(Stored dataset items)
== Segment start ==
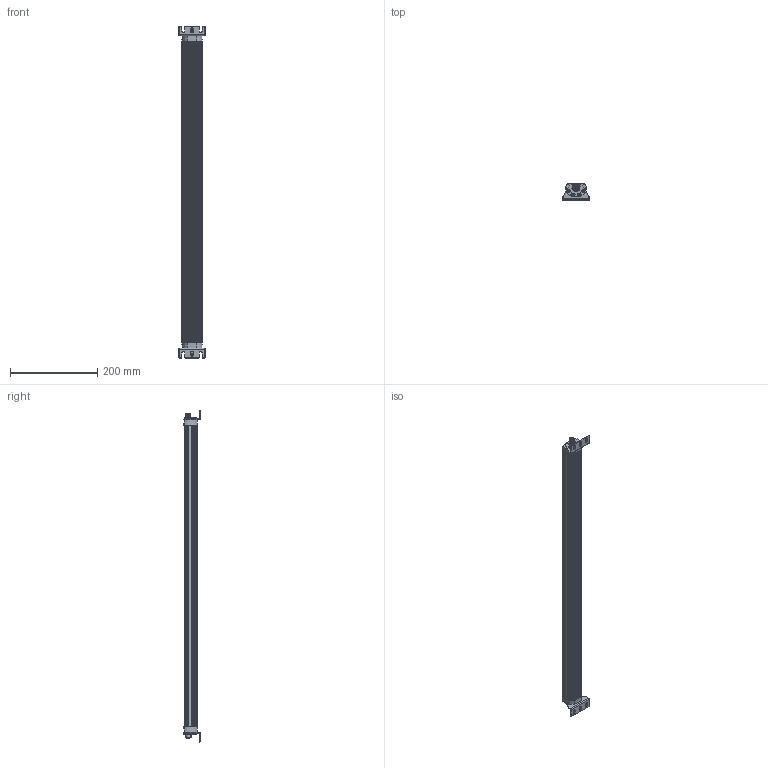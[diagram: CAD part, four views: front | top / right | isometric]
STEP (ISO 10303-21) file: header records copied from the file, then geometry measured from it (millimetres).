
FILE_DESCRIPTION(/* description */ (''),/* implementation_level */ '2;1');
FILE_NAME(/* name */ 'MB-R-715-B5-K5.stp',/* time_stamp */ '2024-11-25T06:41:32+01:00',/* author */ ('jw'),/* organization */ ('di-soric GmbH & Co. KG'),/* preprocessor_version */ 'ST-DEVELOPER v20',/* originating_system */ 'Autodesk Inventor 2025',/* authorisation */ '');
FILE_SCHEMA (('AUTOMOTIVE_DESIGN { 1 0 10303 214 3 1 1 }'));
Products named in the file (1): MB-R-715-B5-K5
Bounding box: 60 x 37.3 x 760.01 mm (x, y, z)
Volume: 806406.8 mm3; surface area: 215320.3 mm2
Topology: 19 solids, 28 shells, 832 faces, 2065 edges, 1325 vertices
Faces by surface type: cylinder 374, plane 304, torus 61, bspline 58, cone 35
Full cylindrical faces by diameter (mm): 1 x14, 3.417 x4, 3.45 x6, 4 x12, 5 x1, 7 x8, 8.4 x1, 9 x1, 10.8 x1, 11 x21, 11.05 x4, 12 x20, 13.5 x1, 14 x3
Entity records: 45470 total; most frequent: CARTESIAN_POINT 25682, DIRECTION 4151, ORIENTED_EDGE 4114, EDGE_CURVE 2057, AXIS2_PLACEMENT_3D 1588, VERTEX_POINT 1325, LINE 975, VECTOR 975
== Segment end ==
Assignment
Write out nothing but the lines from the start of the data through the line with "FILE_DESCRIPTION(/* description */". Leave out the pictures.

Result of the task
[diagram: CAD part, four views: front | top / right | isometric]
STEP (ISO 10303-21) file: header records copied from the file, then geometry measured from it (millimetres).
FILE_DESCRIPTION(/* description */ (''),/* implementation_level */ '2;1');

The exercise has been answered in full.